TO DO: From the entries that follow, gather each line holding the word "endings".

THE RECORDS:
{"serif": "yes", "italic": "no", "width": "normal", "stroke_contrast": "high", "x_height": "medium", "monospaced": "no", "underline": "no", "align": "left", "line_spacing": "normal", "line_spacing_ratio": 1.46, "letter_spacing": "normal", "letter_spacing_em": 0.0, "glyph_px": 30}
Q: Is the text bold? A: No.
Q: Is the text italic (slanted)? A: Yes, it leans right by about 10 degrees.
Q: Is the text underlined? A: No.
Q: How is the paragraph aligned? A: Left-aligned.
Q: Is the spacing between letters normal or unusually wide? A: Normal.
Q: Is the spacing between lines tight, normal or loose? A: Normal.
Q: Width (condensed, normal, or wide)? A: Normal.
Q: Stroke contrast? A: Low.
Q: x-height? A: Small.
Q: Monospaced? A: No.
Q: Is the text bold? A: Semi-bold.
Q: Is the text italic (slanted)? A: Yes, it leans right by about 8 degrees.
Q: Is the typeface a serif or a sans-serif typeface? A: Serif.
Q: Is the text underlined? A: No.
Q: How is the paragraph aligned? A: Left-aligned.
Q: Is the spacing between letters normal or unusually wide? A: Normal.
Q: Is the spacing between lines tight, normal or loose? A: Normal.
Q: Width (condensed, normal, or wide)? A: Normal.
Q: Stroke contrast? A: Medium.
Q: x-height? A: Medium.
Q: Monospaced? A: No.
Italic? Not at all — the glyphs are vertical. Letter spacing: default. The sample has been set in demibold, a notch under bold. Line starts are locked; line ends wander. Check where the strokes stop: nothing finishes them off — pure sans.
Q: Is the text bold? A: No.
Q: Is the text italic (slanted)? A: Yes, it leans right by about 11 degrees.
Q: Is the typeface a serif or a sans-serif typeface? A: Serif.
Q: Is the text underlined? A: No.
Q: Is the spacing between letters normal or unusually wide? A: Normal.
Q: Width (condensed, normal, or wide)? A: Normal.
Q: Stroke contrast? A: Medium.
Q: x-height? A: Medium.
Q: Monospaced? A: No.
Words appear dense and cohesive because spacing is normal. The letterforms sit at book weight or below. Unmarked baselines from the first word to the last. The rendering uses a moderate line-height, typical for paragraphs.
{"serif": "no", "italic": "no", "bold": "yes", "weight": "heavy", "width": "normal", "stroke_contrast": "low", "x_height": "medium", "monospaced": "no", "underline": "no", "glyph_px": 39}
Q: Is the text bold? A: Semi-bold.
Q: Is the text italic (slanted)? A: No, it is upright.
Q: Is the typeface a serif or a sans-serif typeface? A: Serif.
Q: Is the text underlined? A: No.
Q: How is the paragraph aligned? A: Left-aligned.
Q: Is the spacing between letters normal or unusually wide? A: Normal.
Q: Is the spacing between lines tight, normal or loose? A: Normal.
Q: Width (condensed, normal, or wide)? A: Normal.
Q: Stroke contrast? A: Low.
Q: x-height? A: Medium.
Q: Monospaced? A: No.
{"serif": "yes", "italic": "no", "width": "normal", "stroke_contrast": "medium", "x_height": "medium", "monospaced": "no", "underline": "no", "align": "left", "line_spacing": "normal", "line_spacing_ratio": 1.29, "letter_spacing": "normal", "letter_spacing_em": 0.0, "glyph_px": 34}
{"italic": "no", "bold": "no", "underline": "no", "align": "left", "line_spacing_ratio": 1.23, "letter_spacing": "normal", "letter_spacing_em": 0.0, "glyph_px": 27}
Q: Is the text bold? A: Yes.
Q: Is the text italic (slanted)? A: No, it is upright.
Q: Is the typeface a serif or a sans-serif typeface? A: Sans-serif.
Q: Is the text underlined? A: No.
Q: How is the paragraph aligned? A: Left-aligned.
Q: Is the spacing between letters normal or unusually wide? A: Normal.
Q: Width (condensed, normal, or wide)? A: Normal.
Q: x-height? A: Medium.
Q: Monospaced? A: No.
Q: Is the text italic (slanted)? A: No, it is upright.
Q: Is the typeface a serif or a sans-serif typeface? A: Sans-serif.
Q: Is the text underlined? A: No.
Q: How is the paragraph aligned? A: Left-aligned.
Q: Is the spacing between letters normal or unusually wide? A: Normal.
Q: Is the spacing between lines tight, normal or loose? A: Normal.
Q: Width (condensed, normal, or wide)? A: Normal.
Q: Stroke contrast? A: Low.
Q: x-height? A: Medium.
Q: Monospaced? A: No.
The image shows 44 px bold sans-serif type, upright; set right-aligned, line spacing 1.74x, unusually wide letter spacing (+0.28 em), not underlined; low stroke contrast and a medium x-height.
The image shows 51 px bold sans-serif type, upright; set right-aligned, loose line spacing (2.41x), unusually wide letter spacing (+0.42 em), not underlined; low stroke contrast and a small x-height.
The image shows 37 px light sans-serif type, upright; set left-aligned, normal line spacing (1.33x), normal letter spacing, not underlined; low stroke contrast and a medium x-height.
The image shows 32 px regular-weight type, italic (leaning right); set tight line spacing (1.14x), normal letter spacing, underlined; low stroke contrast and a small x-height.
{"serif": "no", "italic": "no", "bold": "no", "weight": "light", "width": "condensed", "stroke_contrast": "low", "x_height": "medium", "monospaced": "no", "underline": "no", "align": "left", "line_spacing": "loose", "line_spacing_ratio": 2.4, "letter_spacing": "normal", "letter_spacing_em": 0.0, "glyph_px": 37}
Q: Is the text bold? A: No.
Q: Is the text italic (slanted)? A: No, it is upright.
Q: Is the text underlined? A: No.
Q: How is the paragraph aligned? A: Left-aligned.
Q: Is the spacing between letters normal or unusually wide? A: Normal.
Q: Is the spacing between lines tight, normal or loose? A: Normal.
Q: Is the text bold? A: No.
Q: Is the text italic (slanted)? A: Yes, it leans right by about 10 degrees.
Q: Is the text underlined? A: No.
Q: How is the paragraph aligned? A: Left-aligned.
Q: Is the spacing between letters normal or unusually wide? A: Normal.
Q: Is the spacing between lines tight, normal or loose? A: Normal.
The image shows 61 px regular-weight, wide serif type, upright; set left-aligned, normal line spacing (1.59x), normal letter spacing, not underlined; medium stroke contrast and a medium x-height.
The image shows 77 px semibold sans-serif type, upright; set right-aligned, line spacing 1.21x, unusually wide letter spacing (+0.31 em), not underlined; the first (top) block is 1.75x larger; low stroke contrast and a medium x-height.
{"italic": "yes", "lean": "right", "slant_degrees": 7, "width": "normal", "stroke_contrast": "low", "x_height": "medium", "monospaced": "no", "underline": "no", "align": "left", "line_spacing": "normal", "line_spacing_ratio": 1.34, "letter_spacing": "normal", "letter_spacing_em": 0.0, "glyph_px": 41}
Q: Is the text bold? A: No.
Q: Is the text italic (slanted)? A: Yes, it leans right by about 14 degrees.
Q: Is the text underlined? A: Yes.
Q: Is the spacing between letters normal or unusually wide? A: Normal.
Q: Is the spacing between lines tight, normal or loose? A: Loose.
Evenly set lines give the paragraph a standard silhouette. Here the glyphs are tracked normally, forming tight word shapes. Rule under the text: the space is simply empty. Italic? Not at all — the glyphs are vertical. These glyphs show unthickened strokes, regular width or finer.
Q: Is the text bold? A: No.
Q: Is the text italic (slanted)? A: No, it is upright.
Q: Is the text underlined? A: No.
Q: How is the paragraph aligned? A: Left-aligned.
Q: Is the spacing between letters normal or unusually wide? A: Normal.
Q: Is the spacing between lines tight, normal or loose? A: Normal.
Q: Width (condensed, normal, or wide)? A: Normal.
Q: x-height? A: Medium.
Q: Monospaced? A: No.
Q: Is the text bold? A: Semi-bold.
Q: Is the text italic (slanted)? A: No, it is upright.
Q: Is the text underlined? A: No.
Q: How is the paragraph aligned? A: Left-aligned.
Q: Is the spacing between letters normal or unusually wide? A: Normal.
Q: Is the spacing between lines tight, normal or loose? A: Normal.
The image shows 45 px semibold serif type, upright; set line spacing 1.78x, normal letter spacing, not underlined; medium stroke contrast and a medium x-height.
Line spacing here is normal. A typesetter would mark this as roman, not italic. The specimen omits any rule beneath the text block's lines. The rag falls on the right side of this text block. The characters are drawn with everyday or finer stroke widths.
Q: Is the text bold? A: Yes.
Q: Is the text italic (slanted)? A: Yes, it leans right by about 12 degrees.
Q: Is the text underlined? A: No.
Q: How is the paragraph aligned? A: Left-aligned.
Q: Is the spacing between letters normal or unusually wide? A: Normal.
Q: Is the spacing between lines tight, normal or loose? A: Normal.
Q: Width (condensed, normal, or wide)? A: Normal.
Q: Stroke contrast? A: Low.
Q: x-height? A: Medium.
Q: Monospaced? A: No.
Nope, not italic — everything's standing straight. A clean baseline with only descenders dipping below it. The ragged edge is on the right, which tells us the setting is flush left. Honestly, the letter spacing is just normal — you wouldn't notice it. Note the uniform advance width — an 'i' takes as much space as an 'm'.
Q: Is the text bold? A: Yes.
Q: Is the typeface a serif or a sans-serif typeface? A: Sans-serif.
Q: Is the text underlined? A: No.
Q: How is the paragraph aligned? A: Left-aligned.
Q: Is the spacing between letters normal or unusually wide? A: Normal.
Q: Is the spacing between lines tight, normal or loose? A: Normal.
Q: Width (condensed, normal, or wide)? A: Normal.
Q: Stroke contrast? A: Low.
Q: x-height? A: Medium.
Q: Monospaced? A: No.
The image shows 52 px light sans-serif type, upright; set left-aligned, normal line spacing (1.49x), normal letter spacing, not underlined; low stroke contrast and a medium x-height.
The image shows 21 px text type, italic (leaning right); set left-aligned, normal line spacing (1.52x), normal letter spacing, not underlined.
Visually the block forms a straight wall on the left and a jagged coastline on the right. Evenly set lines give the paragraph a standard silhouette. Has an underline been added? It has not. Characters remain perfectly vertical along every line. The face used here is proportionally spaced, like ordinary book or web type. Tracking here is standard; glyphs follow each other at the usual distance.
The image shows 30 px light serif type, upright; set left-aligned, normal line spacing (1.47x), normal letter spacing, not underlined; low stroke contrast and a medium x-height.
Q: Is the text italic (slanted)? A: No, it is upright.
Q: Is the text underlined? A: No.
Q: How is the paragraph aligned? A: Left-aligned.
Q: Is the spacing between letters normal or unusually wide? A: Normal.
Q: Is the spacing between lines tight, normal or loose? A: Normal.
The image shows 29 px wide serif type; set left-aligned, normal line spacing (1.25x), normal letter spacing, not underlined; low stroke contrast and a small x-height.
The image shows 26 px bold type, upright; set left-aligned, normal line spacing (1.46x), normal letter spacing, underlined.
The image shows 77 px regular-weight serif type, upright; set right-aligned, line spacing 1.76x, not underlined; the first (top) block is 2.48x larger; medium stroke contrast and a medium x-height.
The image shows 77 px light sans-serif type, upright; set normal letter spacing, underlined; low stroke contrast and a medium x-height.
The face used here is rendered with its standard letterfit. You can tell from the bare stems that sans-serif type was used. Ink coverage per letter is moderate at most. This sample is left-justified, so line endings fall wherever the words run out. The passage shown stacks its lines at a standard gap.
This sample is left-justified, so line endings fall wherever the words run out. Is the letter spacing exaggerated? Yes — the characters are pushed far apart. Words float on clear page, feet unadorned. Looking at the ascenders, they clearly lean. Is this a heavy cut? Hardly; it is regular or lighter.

EXERCISE OUTPUT:
The face used here is rendered with its standard letterfit. You can tell from the bare stems that sans-serif type was used. Ink coverage per letter is moderate at most. This sample is left-justified, so line endings fall wherever the words run out. The passage shown stacks its lines at a standard gap.
This sample is left-justified, so line endings fall wherever the words run out. Is the letter spacing exaggerated? Yes — the characters are pushed far apart. Words float on clear page, feet unadorned. Looking at the ascenders, they clearly lean. Is this a heavy cut? Hardly; it is regular or lighter.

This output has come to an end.